What you have to do
The full set of entries is to be printed exactly, with pictures excluded.

Entries provided
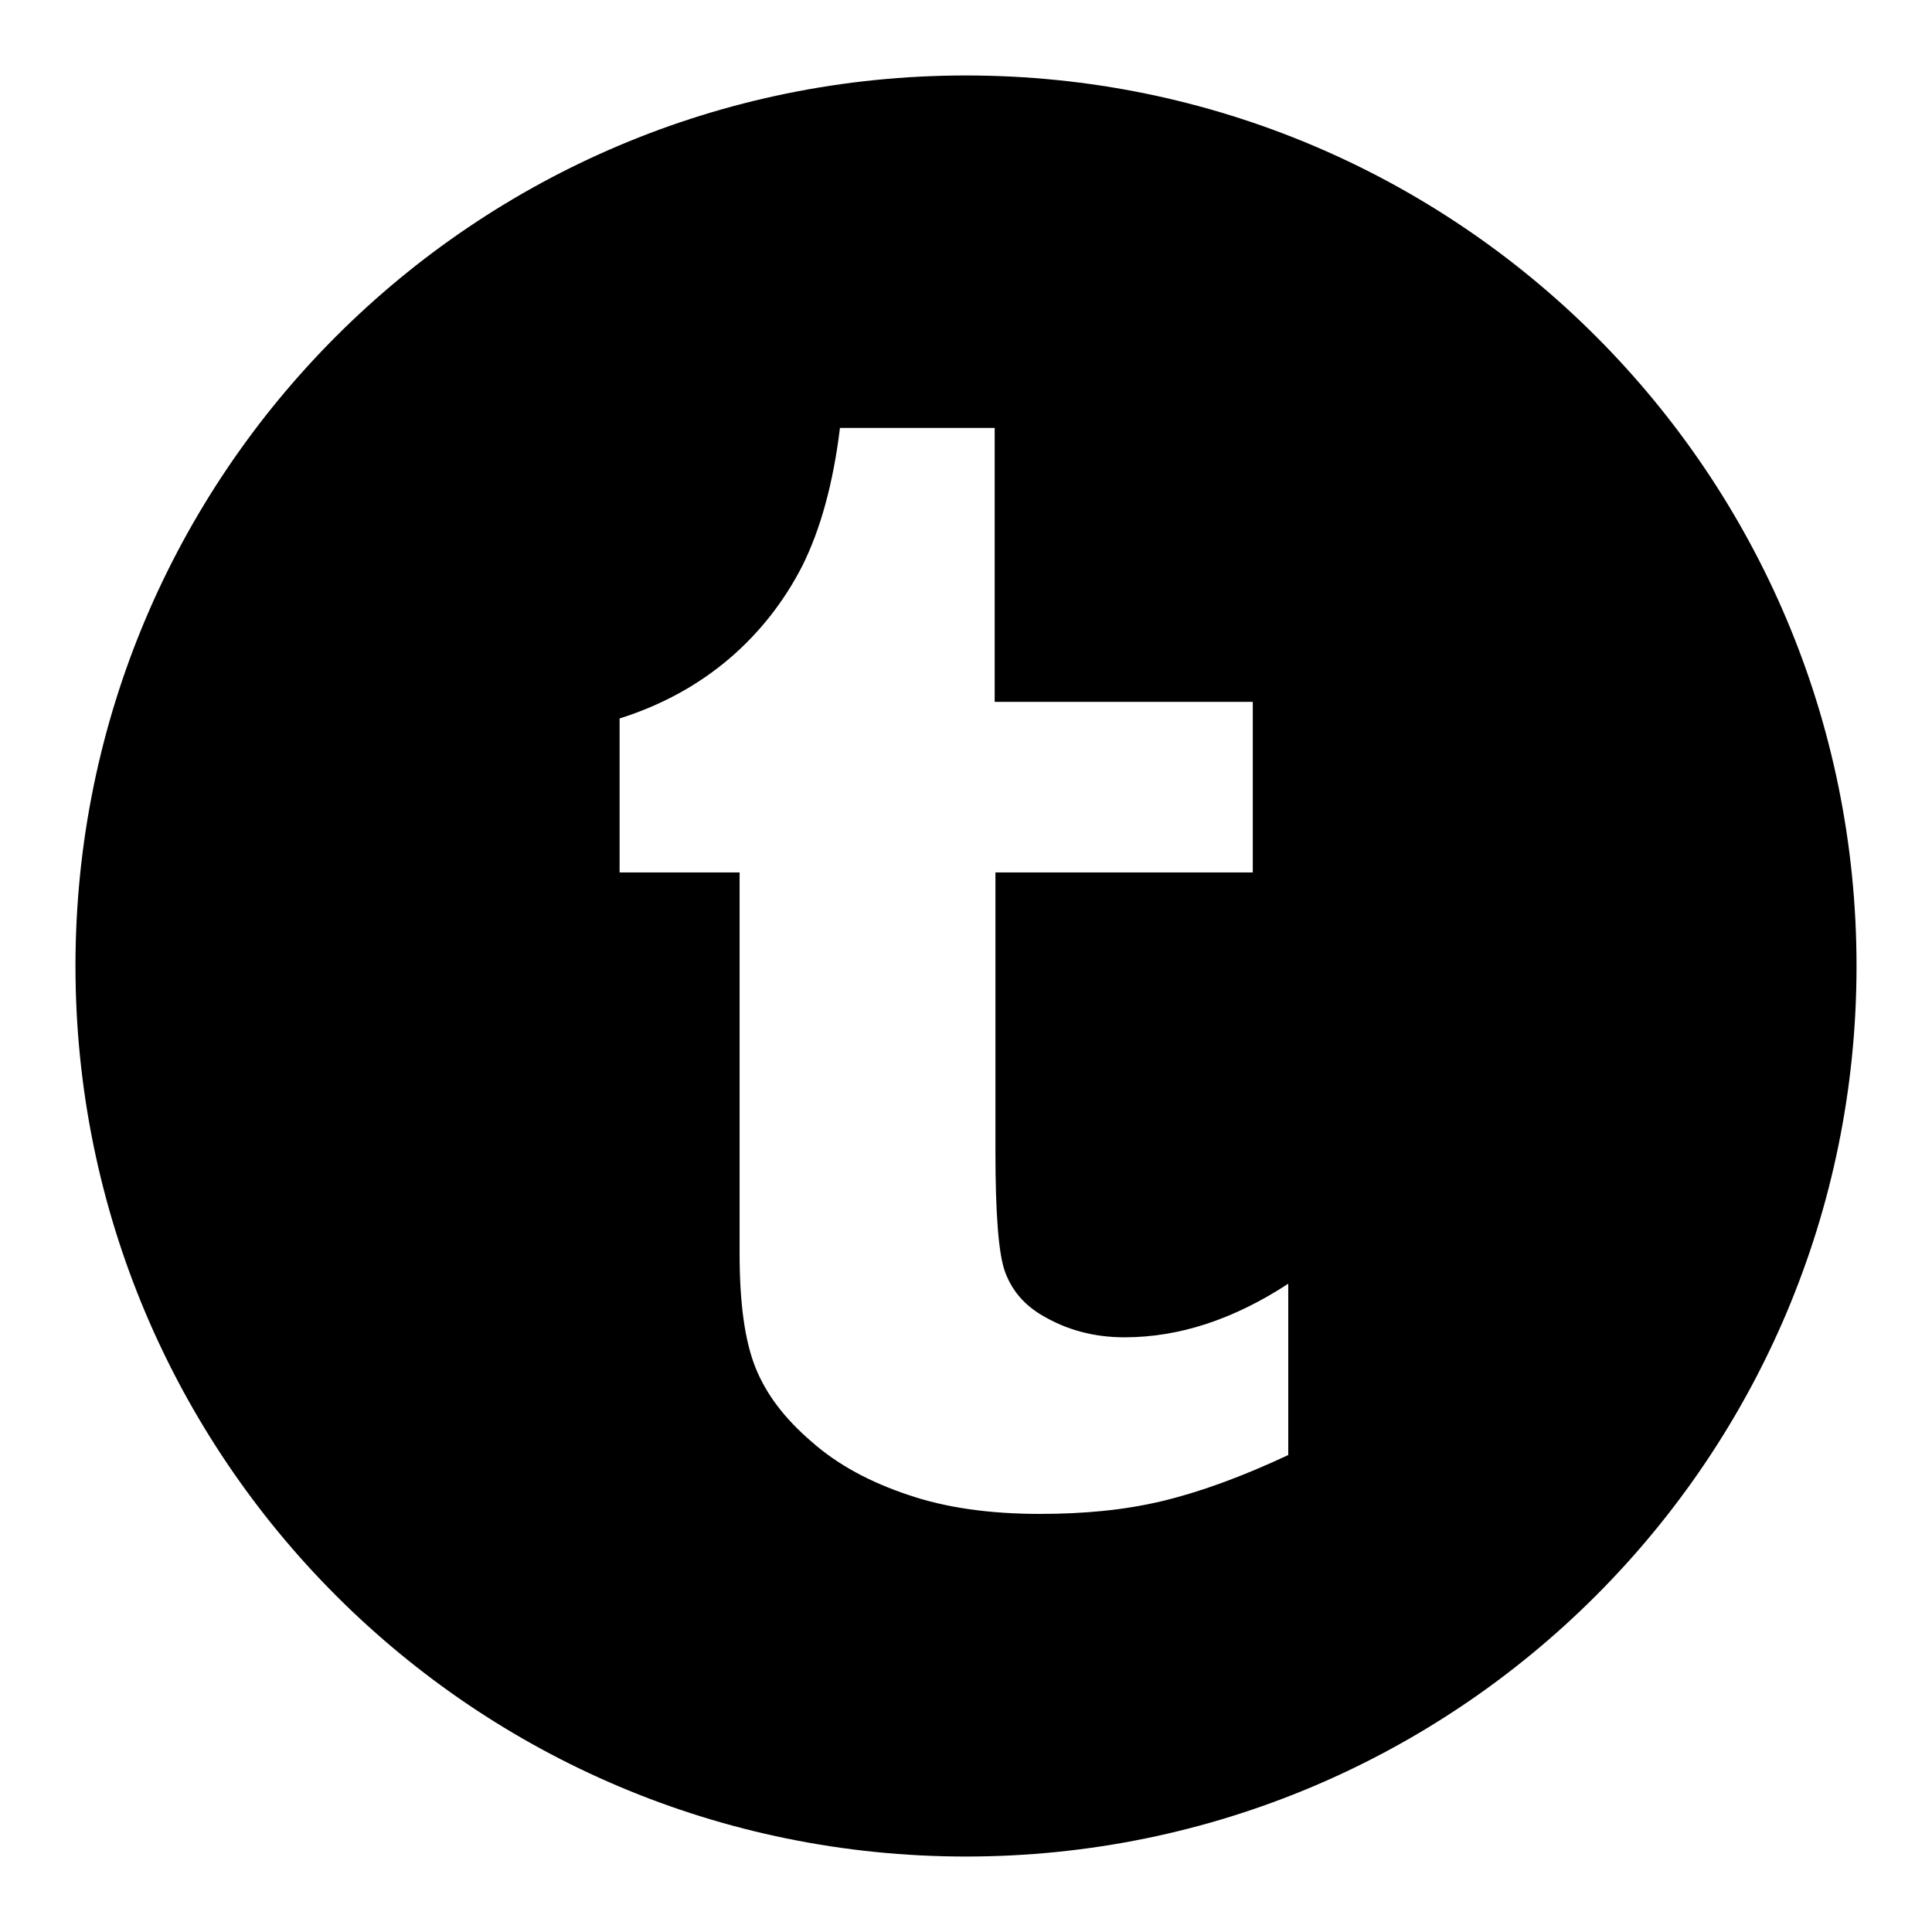 <?xml version="1.0" encoding="utf-8"?>
<!-- Svg Vector Icons : http://www.onlinewebfonts.com/icon -->
<!DOCTYPE svg PUBLIC "-//W3C//DTD SVG 1.1//EN" "http://www.w3.org/Graphics/SVG/1.1/DTD/svg11.dtd">
<svg version="1.1" xmlns="http://www.w3.org/2000/svg" xmlns:xlink="http://www.w3.org/1999/xlink" x="0px" y="0px" viewBox="0 0 256 256" enable-background="new 0 0 256 256" xml:space="preserve">
<g> <path fill="#000000" d="M128,246c65.2,0,118-52.8,118-118S193.2,10,128,10S10,62.8,10,128S62.8,246,128,246z M131.8,56.7V93H166 v22.6h-34.1v36.9c0,8.3,0.4,13.7,1.3,16.1c0.9,2.4,2.5,4.3,4.9,5.7c3.2,1.9,6.8,2.9,10.9,2.9c7.3,0,14.5-2.4,21.7-7.1v22.7 c-6.2,2.9-11.7,4.9-16.7,6.1c-5,1.2-10.4,1.7-16.2,1.7c-6.6,0-12.4-0.8-17.4-2.5c-5.1-1.7-9.4-4-12.9-7.1c-3.6-3.1-6-6.3-7.4-9.8 c-1.4-3.5-2.1-8.5-2.1-15.1v-50.5H82.1V95.2c5.7-1.8,10.5-4.5,14.5-7.9c4-3.4,7.3-7.6,9.7-12.3c2.4-4.8,4.1-10.9,5-18.3H131.8z"/></g>
</svg>
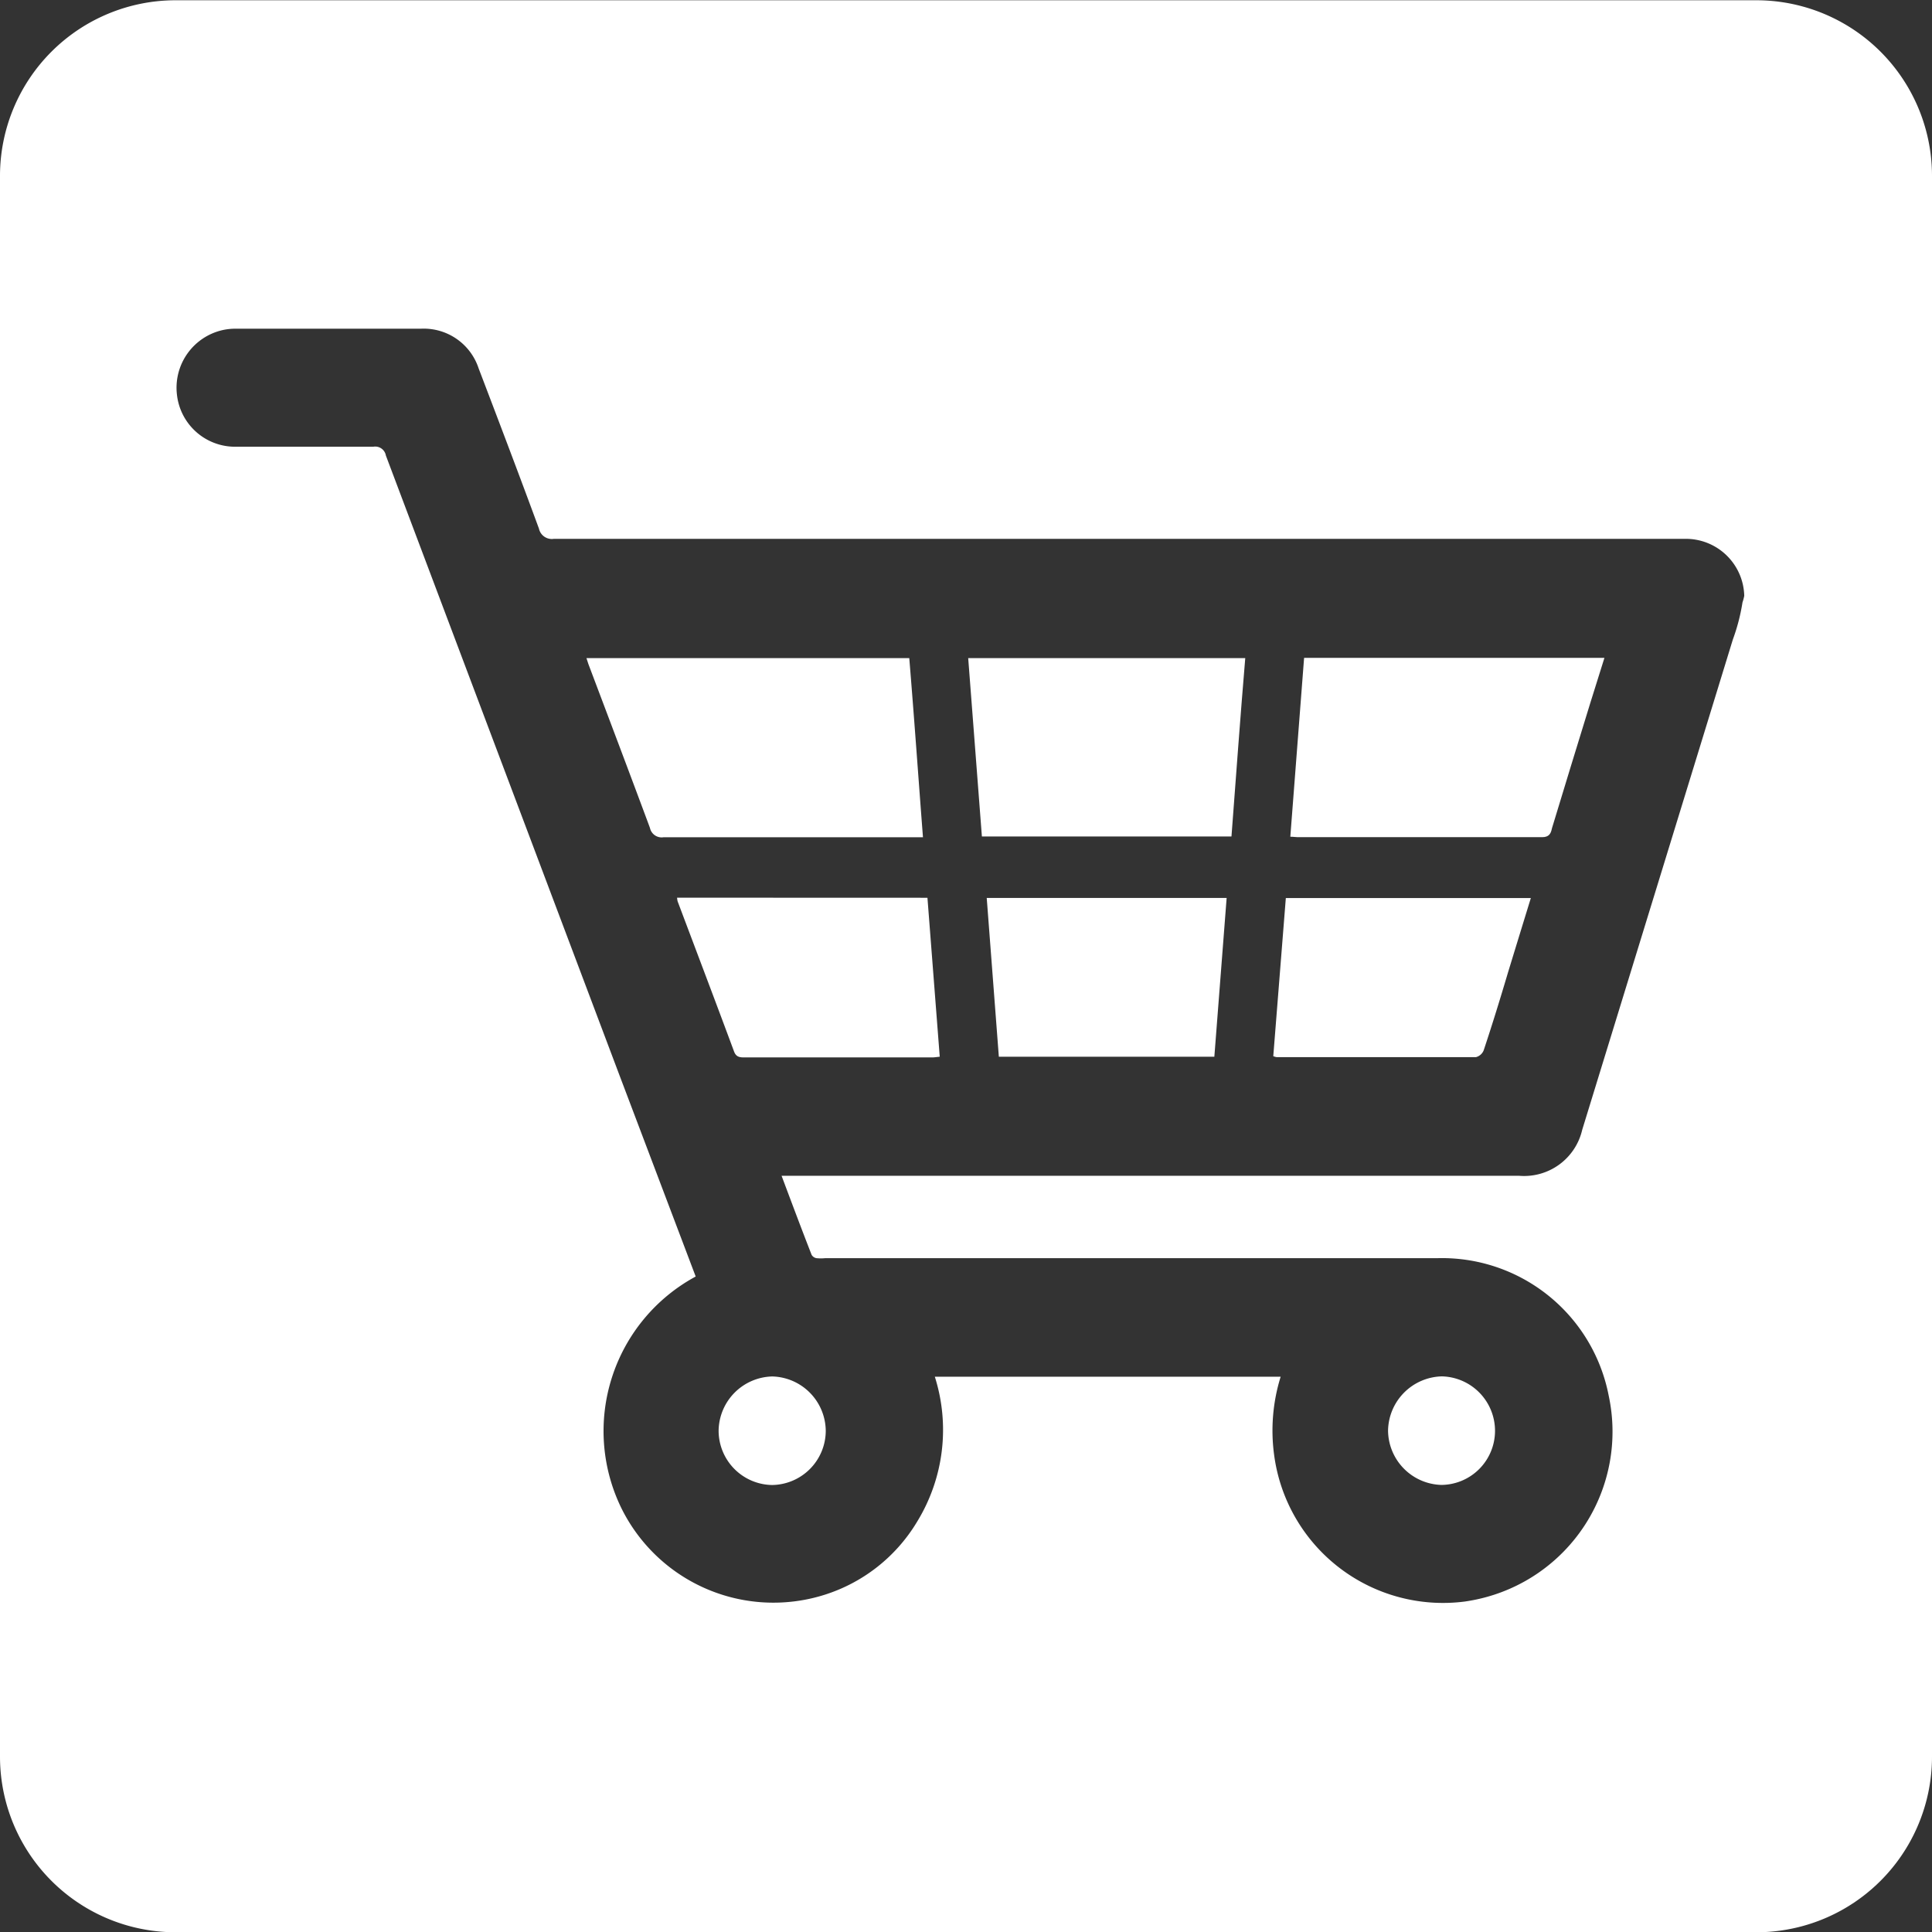 <svg xmlns="http://www.w3.org/2000/svg" width="22" height="22" viewBox="0 0 22 22">
  <rect x="0" y="0" width="22" height="22" fill="#333333" stroke="none"/>
  <g id="Group_244" data-name="Group 244" transform="translate(482.325 -1078.297)">
    <path id="Path_1543" data-name="Path 1543" d="M-474.615,1088.519a.271.271,0,0,0,.006.041c.215.571.431,1.14.643,1.711.023.061.062.067.116.067h2.138c.028,0,.056-.005.088-.008l-.14-1.81Z" fill="#fff"/>
    <path id="Path_1544" data-name="Path 1544" d="M-462.325,1078.3h-18a2,2,0,0,0-2,2v18a2,2,0,0,0,2,2h18a2,2,0,0,0,2-2v-18A2,2,0,0,0-462.325,1078.3Zm-.159,6.863a2.225,2.225,0,0,1-.109.417q-.857,2.791-1.715,5.582a.679.679,0,0,1-.717.524h-8.4c.116.309.227.606.342.9a.08.08,0,0,0,.055.038.5.5,0,0,0,.1,0h6.97a1.934,1.934,0,0,1,1.952,1.568,1.953,1.953,0,0,1-1.5,2.317c-.046.01-.092.018-.139.025a1.94,1.94,0,0,1-2.17-1.66,2.064,2.064,0,0,1,.073-.9h-3.938a2,2,0,0,1-.2,1.648,1.893,1.893,0,0,1-1.068.839,1.931,1.931,0,0,1-2.3-.988,2,2,0,0,1,.845-2.64l-.865-2.284q-1.332-3.533-2.663-7.065a.123.123,0,0,0-.143-.1h-1.564a.666.666,0,0,1-.672-.592.673.673,0,0,1,.528-.738.68.68,0,0,1,.15-.014h2.1a.658.658,0,0,1,.657.451c.231.606.462,1.213.687,1.825a.15.15,0,0,0,.169.117h12.876a.665.665,0,0,1,.68.649A.6.6,0,0,1-462.484,1085.16Z" fill="#fff"/>
    <path id="Path_1545" data-name="Path 1545" d="M-465.912,1095.206a.616.616,0,0,0,.611-.614v0a.62.62,0,0,0-.605-.622.628.628,0,0,0-.613.617A.625.625,0,0,0-465.912,1095.206Z" fill="#fff"/>
    <path id="Path_1546" data-name="Path 1546" d="M-470.951,1090.33h2.454l.14-1.808h-2.732Z" fill="#fff"/>
    <path id="Path_1547" data-name="Path 1547" d="M-471.815,1087.831c-.053-.689-.1-1.362-.156-2.04h-3.676c.01.029.016.05.023.07.234.62.469,1.241.7,1.863a.136.136,0,0,0,.154.107h2.955Z" fill="#fff"/>
    <path id="Path_1548" data-name="Path 1548" d="M-474.142,1094.589a.619.619,0,0,0,.609.618.619.619,0,0,0,.611-.615l0,0a.625.625,0,0,0-.608-.621A.626.626,0,0,0-474.142,1094.589Z" fill="#fff"/>
    <path id="Path_1549" data-name="Path 1549" d="M-471.144,1087.822h2.842c.052-.683.1-1.357.157-2.031H-471.3Z" fill="#fff"/>
    <path id="Path_1550" data-name="Path 1550" d="M-467.632,1087.825c.039,0,.06.005.082.005h2.785c.077,0,.1-.038.112-.1q.216-.712.436-1.425l.162-.517h-3.42Z" fill="#fff"/>
    <path id="Path_1551" data-name="Path 1551" d="M-467.826,1090.324a.187.187,0,0,0,.039.011h2.268a.129.129,0,0,0,.089-.078c.1-.3.192-.6.281-.9q.127-.415.256-.834h-2.79Z" fill="#fff"/>
  </g>
</svg>

Solution for this problem
 <?xml version="1.0" encoding="utf-8"?>
<!-- Svg Vector Icons : http://www.onlinewebfonts.com/icon -->
<!DOCTYPE svg PUBLIC "-//W3C//DTD SVG 1.1//EN" "http://www.w3.org/Graphics/SVG/1.1/DTD/svg11.dtd">
<svg version="1.1" xmlns="http://www.w3.org/2000/svg" xmlns:xlink="http://www.w3.org/1999/xlink" x="0px" y="0px" viewBox="0 0 256 256" enable-background="new 0 0 256 256" xml:space="preserve">
<g> <path fill="#000000" d="M128,246c65.2,0,118-52.8,118-118S193.2,10,128,10S10,62.8,10,128S62.8,246,128,246z M131.8,56.7V93H166 v22.6h-34.1v36.9c0,8.3,0.4,13.7,1.3,16.1c0.9,2.4,2.5,4.3,4.9,5.7c3.2,1.9,6.8,2.9,10.9,2.9c7.3,0,14.5-2.4,21.7-7.1v22.7 c-6.2,2.9-11.7,4.9-16.7,6.1c-5,1.2-10.4,1.7-16.2,1.7c-6.6,0-12.4-0.8-17.4-2.5c-5.1-1.7-9.4-4-12.9-7.1c-3.6-3.1-6-6.3-7.4-9.8 c-1.4-3.5-2.1-8.5-2.1-15.1v-50.5H82.1V95.2c5.7-1.8,10.5-4.5,14.5-7.9c4-3.4,7.3-7.6,9.7-12.3c2.4-4.8,4.1-10.9,5-18.3H131.8z"/></g>
</svg>
 <svg xmlns="http://www.w3.org/2000/svg" width="22" height="22" viewBox="0 0 22 22">
  <rect x="0" y="0" width="22" height="22" fill="#333333" stroke="none"/>
  <g id="Group_244" data-name="Group 244" transform="translate(482.325 -1078.297)">
    <path id="Path_1543" data-name="Path 1543" d="M-474.615,1088.519a.271.271,0,0,0,.006.041c.215.571.431,1.14.643,1.711.023.061.062.067.116.067h2.138c.028,0,.056-.005.088-.008l-.14-1.81Z" fill="#fff"/>
    <path id="Path_1544" data-name="Path 1544" d="M-462.325,1078.3h-18a2,2,0,0,0-2,2v18a2,2,0,0,0,2,2h18a2,2,0,0,0,2-2v-18A2,2,0,0,0-462.325,1078.3Zm-.159,6.863a2.225,2.225,0,0,1-.109.417q-.857,2.791-1.715,5.582a.679.679,0,0,1-.717.524h-8.4c.116.309.227.606.342.9a.08.08,0,0,0,.055.038.5.5,0,0,0,.1,0h6.97a1.934,1.934,0,0,1,1.952,1.568,1.953,1.953,0,0,1-1.5,2.317c-.046.01-.092.018-.139.025a1.94,1.94,0,0,1-2.17-1.66,2.064,2.064,0,0,1,.073-.9h-3.938a2,2,0,0,1-.2,1.648,1.893,1.893,0,0,1-1.068.839,1.931,1.931,0,0,1-2.3-.988,2,2,0,0,1,.845-2.64l-.865-2.284q-1.332-3.533-2.663-7.065a.123.123,0,0,0-.143-.1h-1.564a.666.666,0,0,1-.672-.592.673.673,0,0,1,.528-.738.68.68,0,0,1,.15-.014h2.1a.658.658,0,0,1,.657.451c.231.606.462,1.213.687,1.825a.15.15,0,0,0,.169.117h12.876a.665.665,0,0,1,.68.649A.6.6,0,0,1-462.484,1085.16Z" fill="#fff"/>
    <path id="Path_1545" data-name="Path 1545" d="M-465.912,1095.206a.616.616,0,0,0,.611-.614v0a.62.62,0,0,0-.605-.622.628.628,0,0,0-.613.617A.625.625,0,0,0-465.912,1095.206Z" fill="#fff"/>
    <path id="Path_1546" data-name="Path 1546" d="M-470.951,1090.33h2.454l.14-1.808h-2.732Z" fill="#fff"/>
    <path id="Path_1547" data-name="Path 1547" d="M-471.815,1087.831c-.053-.689-.1-1.362-.156-2.04h-3.676c.01.029.016.05.023.07.234.62.469,1.241.7,1.863a.136.136,0,0,0,.154.107h2.955Z" fill="#fff"/>
    <path id="Path_1548" data-name="Path 1548" d="M-474.142,1094.589a.619.619,0,0,0,.609.618.619.619,0,0,0,.611-.615l0,0a.625.625,0,0,0-.608-.621A.626.626,0,0,0-474.142,1094.589Z" fill="#fff"/>
    <path id="Path_1549" data-name="Path 1549" d="M-471.144,1087.822h2.842c.052-.683.1-1.357.157-2.031H-471.3Z" fill="#fff"/>
    <path id="Path_1550" data-name="Path 1550" d="M-467.632,1087.825c.039,0,.06.005.082.005h2.785c.077,0,.1-.038.112-.1q.216-.712.436-1.425l.162-.517h-3.42Z" fill="#fff"/>
    <path id="Path_1551" data-name="Path 1551" d="M-467.826,1090.324a.187.187,0,0,0,.039.011h2.268a.129.129,0,0,0,.089-.078c.1-.3.192-.6.281-.9q.127-.415.256-.834h-2.79Z" fill="#fff"/>
  </g>
</svg>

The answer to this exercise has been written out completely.